Two weeks ago I published my predictions for the 11 dividend increase announcements there were expected in my portfolio during the first quarter. Shortly thereafter, Polaris Industries Inc. $PII announced a 5.45% boost to its dividend, which was a pleasant surprise to the upside compared to my prediction.
On February 7th, two more companies, Gilead Sciences $GILD and Church & Dwight Co., Inc. $CHD, announced their new rates. Before we discuss the increases, let’s take a look at my original prediction.
The first declaration came from Church & Dwight, which announced its new dividend along with earnings before the opening bell.
Here is management’s commentary on the dividend from the release:
The Company’s Board of Directors today declared a 7% increase in the regular quarterly dividend from $0.1775 to $0.19 per share, equivalent to an annual dividend of $0.76 per share. This raises the dividend payout from $183 million to approximately $195 million to maintain a 40% targeted payout ratio. The quarterly dividend will be payable March 1, 2017 to stockholders of record at the close of business on February 21, 2017. This is the 21st consecutive year in which the Company has increased the dividend. The Company has paid a regular consecutive quarterly dividend for 116 years.

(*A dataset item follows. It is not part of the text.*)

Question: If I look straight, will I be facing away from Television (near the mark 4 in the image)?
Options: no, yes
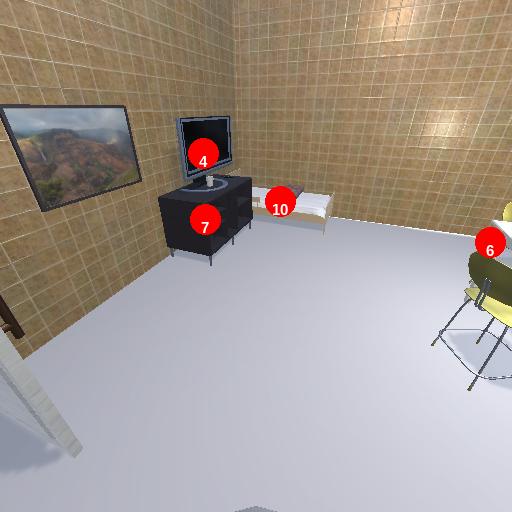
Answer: no

Mr. Farrell commented, “This action reflects the Company’s desire for stockholders to benefit from our continued strong growth and is an indication of our confidence in the Company’s performance. The Company expects to generate over $1.8 billion in free cash flow over the next three years. Our robust cash flow enables us to deliver higher value directly to our stockholders while maintaining significant financial flexibility.”
This 7% increase was in line with my expectations, and Mr. Farrell’s comments echo my own when I made the prediction. Companies like Church & Dwight are great to have in a dividend growth portfolio because they are straightforward in their guidance, and they have the long track record of backing that guidance up.
When a company says it will raise the dividend along with earnings, and provides a solid target for the payout ratio, it becomes fairly easy to predict what the increases will be on a year to year basis. Couple that with a steady grower like Church & Dwight, which hasn’t had a year of EPS growth under 7% in the last 15 years, and you have the formula for an excellent long-term hold for your portfolio.
I will point out that Church & Dwight is expensive on a historical basis, so despite its performance it isn’t something I would buy more of at current prices. Nonetheless, I sleep quite well with it in my portfolio, and enjoy watching its steady climb higher.
Next up is Gilead Sciences Inc., which announced earnings after the close, and also announced a 10.6% boost to its dividend. This increase was on the low end of my prediction range:
My thinking is the company will at a minimum produce 10% growth to $0.52 per share, but I’m optimistic that we will see at least $0.55, which would be a 17% increase. Even at that rate, the payout ratio is just 20%, well below its peers. If management really wanted to make a splash it could do something like a 40% boost to $0.66, which would be a 24.6% payout ratio and would provide an attractive 3.6% yield on forward basis. Decreasing sales and questions about growth has caused share prices to stagnate, maybe a move like that would be something the market would notice and bring new buyers to the table.
Taking into account the company’s weak guidance for earnings and revenues in 2017, the smaller increase isn’t much of a surprise. Gilead has a growth problem right now, and management stated in its Q4 216 Conference Call that it plans to scale back repurchases and direct its efforts on an acquisition to boost its pipeline.
In 2017, leveraging our capital to pursue external opportunities to expand our R&D pipeline is our primary focus. As a result, we will reduce the level of capital dedicated to share repurchases this year and focus a greater percentage of our shareholder return on our dividend. We currently have $9 billion remaining under our 2016 share repurchase authorization, and we’ll utilize it over time to maintain our current share count. Over the longer term, we may be opportunistic with additional share repurchases.
So, while I am happy that Gilead is rewarding shareholders with a 10% dividend increase, there are certainly some questions going forward with the company. Compare that with Church & Dwight, which continues to pump out 8-10% earnings growth like clockwork, and its easy to see why my comfort level with Gilead is at a different place.
That said, I do still plan to continue holding my Gilead shares, and will continue reinvesting dividends into more shares as they come in. The company still has impressive cash flows despite the current question marks about growth, and in the long run should be able to convert that cash flow into opportunities that will benefit shareholders.
Conclusion
My predictions for these two companies were pretty much spot on with what was announced. Church & Dwight announced a 7% increase, in-line with its targeted payout ratio of 40% of earnings, while Gilead announced a 10.6% increase. Looking ahead, I think 8-10% dividend growth is possible for both companies, but I am much more certain on that happening for CHD than I am for GILD.